• Exercise instructions:
Would you give the listing back word for word once its pictures are removed?

• Raw data:
———

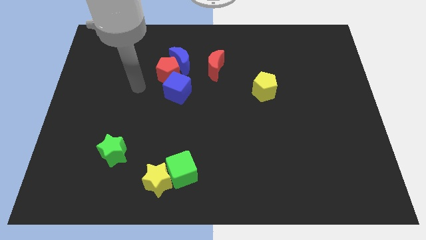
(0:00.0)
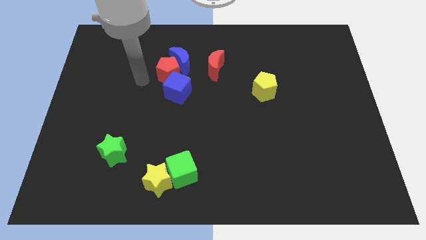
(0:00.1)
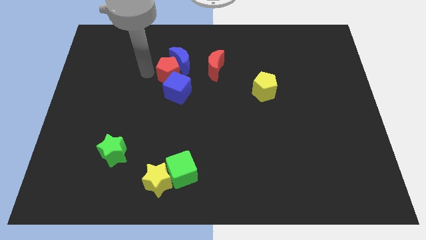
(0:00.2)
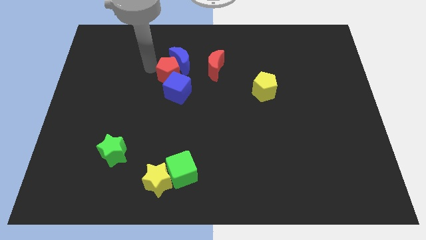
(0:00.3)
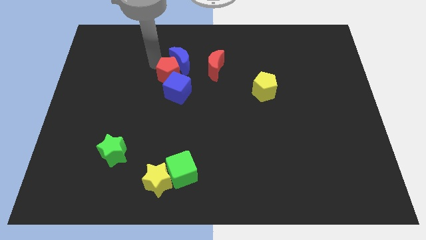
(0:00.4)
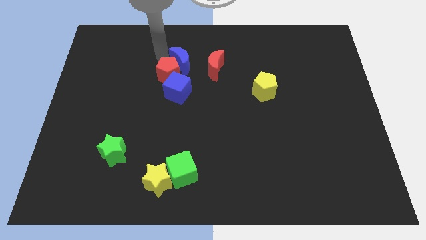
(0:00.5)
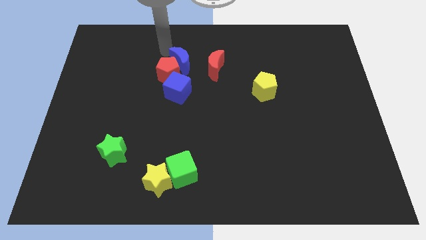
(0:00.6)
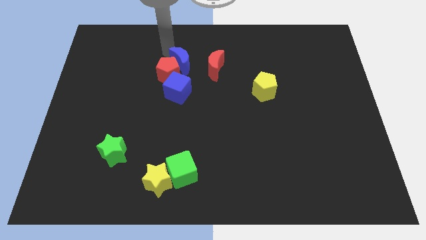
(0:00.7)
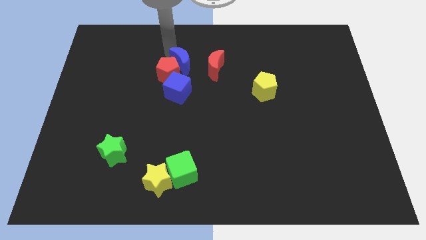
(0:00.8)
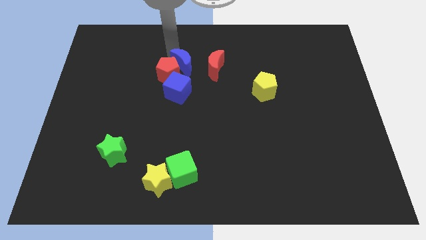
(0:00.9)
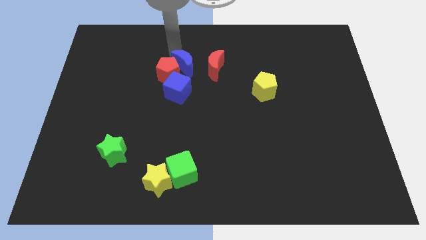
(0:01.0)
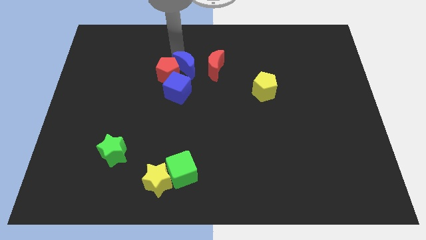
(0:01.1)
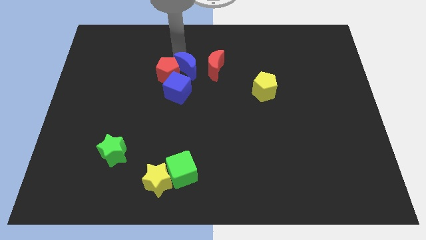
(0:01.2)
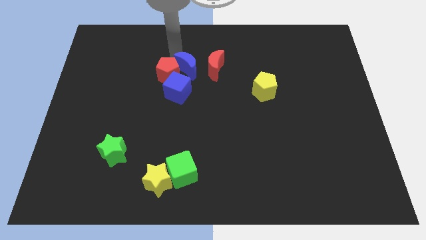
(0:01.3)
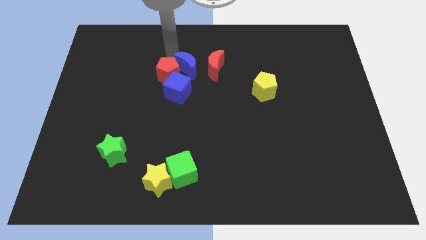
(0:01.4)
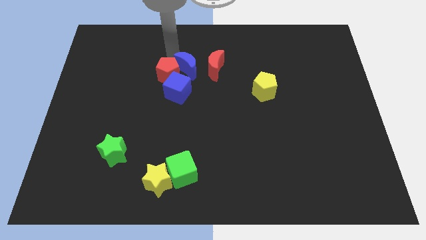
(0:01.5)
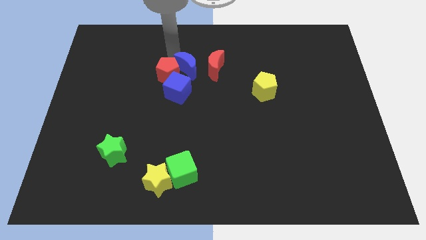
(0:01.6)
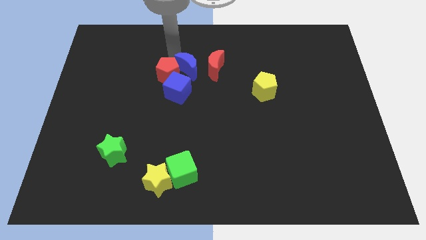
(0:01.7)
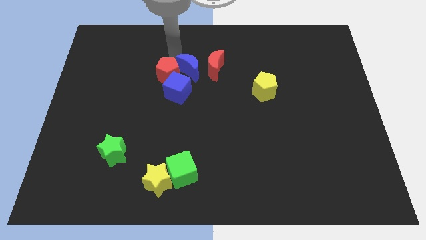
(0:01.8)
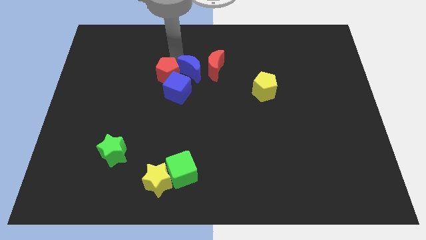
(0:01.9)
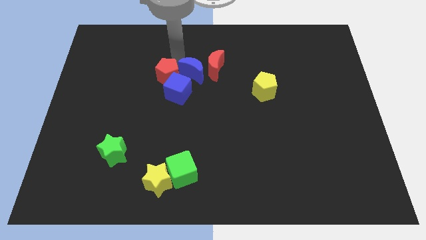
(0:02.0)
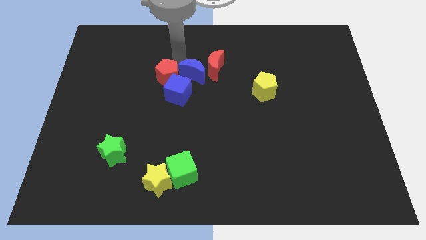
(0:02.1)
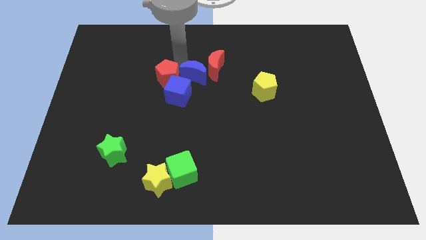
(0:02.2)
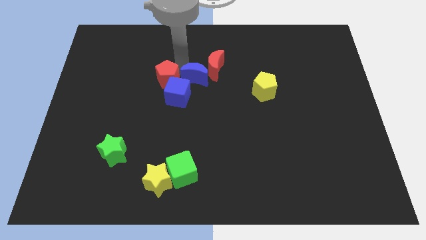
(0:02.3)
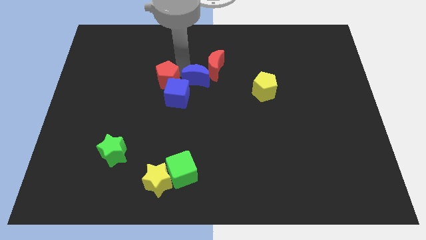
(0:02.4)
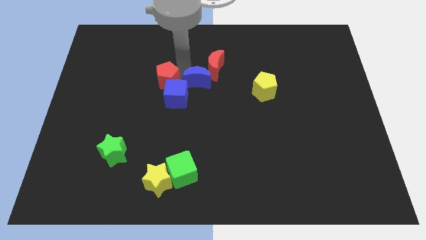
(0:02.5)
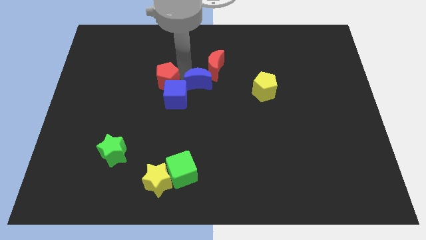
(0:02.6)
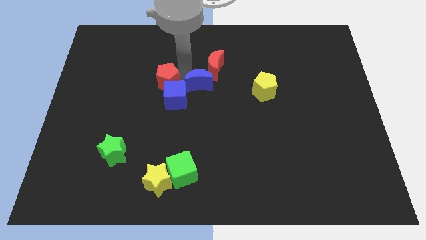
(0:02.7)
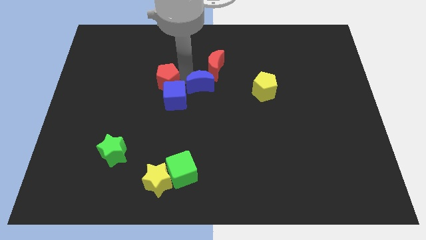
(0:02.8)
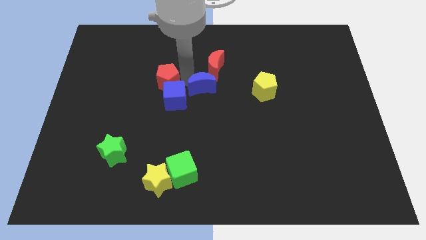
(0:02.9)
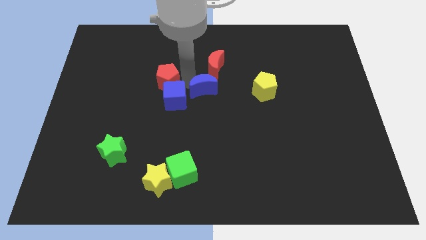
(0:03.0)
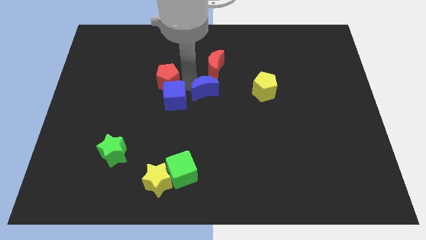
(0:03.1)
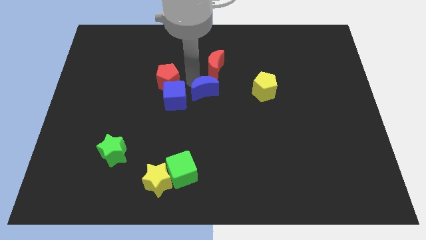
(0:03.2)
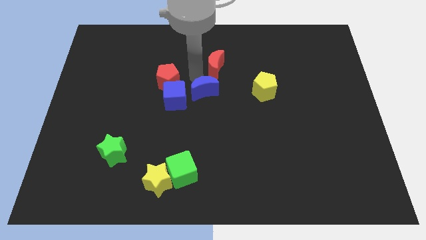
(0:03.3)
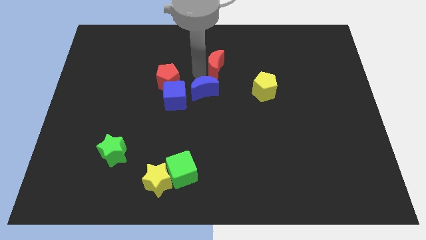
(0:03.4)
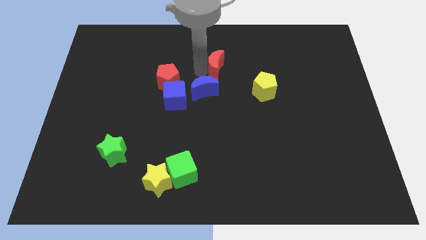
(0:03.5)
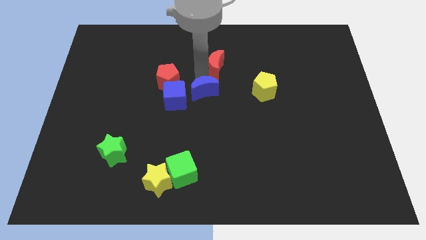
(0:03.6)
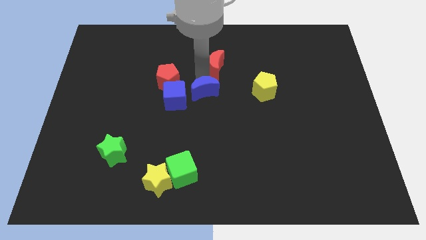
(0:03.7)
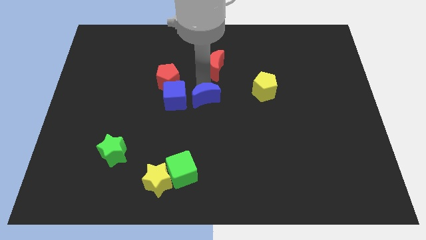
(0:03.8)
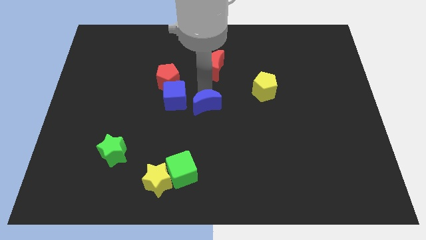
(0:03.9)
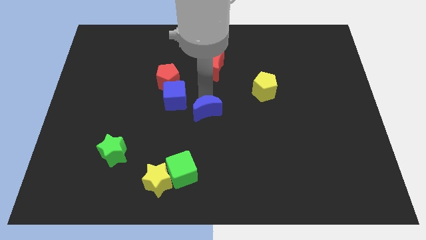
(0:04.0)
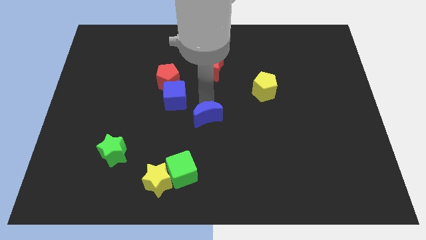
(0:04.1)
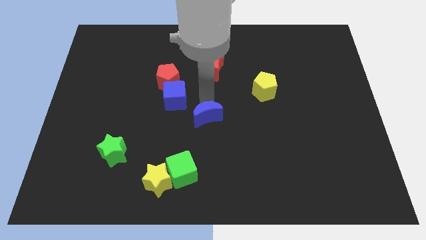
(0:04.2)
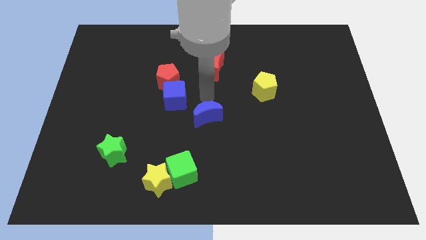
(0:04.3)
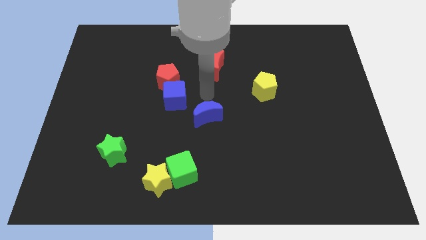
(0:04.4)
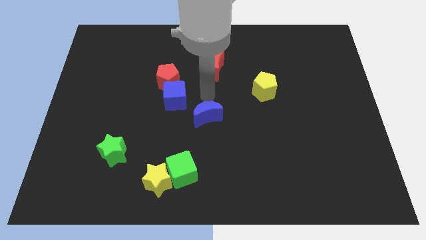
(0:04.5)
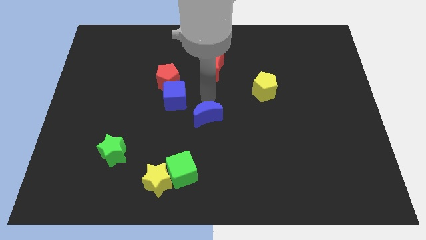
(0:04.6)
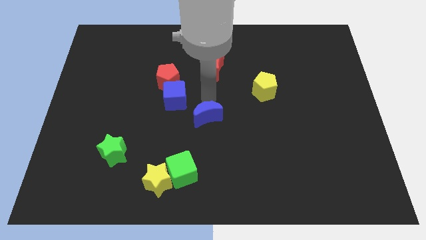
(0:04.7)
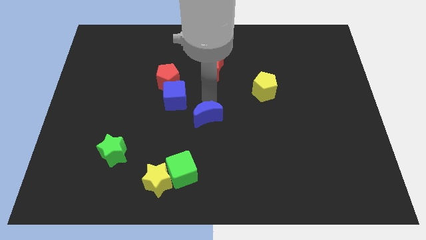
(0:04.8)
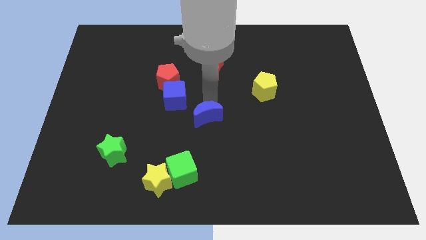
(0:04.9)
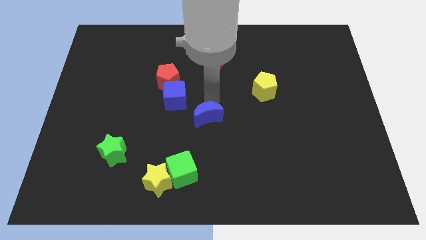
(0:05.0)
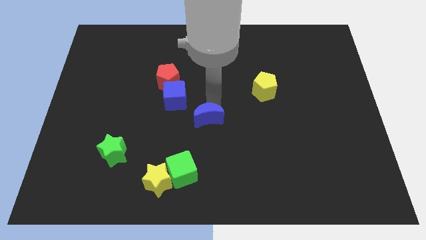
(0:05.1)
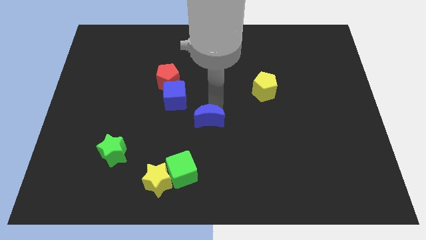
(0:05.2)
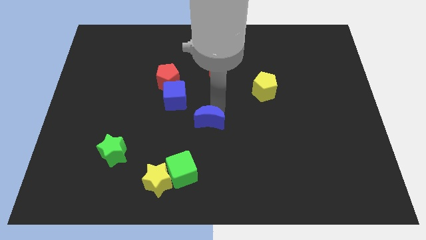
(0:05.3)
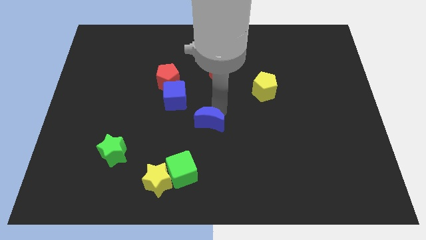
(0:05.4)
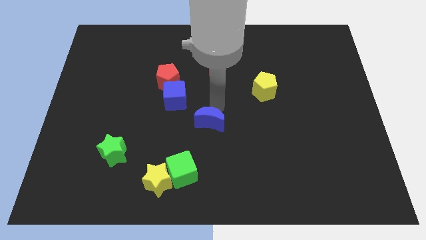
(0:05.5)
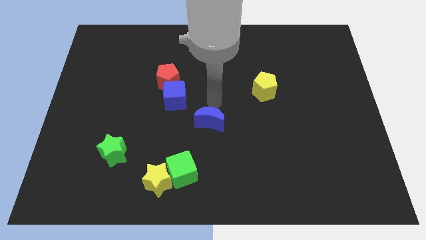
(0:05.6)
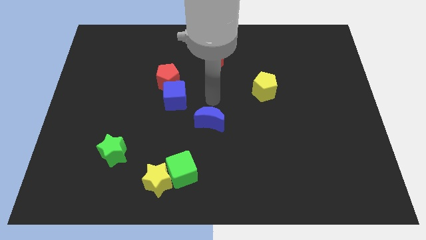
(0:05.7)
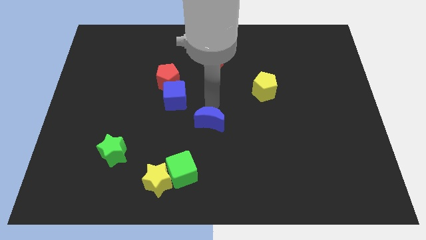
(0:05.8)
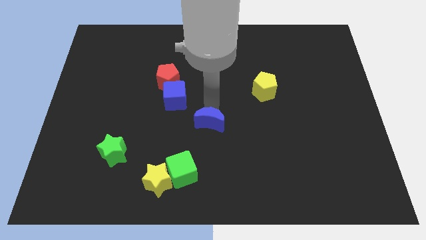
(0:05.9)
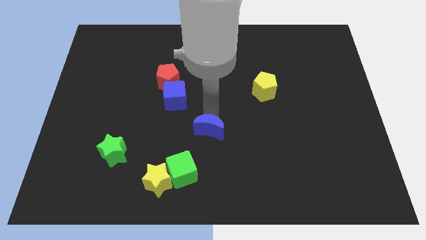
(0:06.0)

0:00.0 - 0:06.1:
slide the blue moon diagonally up and to the right of the green cube

———

• Reply:
(0:00.0)
(0:00.1)
(0:00.2)
(0:00.3)
(0:00.4)
(0:00.5)
(0:00.6)
(0:00.7)
(0:00.8)
(0:00.9)
(0:01.0)
(0:01.1)
(0:01.2)
(0:01.3)
(0:01.4)
(0:01.5)
(0:01.6)
(0:01.7)
(0:01.8)
(0:01.9)
(0:02.0)
(0:02.1)
(0:02.2)
(0:02.3)
(0:02.4)
(0:02.5)
(0:02.6)
(0:02.7)
(0:02.8)
(0:02.9)
(0:03.0)
(0:03.1)
(0:03.2)
(0:03.3)
(0:03.4)
(0:03.5)
(0:03.6)
(0:03.7)
(0:03.8)
(0:03.9)
(0:04.0)
(0:04.1)
(0:04.2)
(0:04.3)
(0:04.4)
(0:04.5)
(0:04.6)
(0:04.7)
(0:04.8)
(0:04.9)
(0:05.0)
(0:05.1)
(0:05.2)
(0:05.3)
(0:05.4)
(0:05.5)
(0:05.6)
(0:05.7)
(0:05.8)
(0:05.9)
(0:06.0)

0:00.0 - 0:06.1:
slide the blue moon diagonally up and to the right of the green cube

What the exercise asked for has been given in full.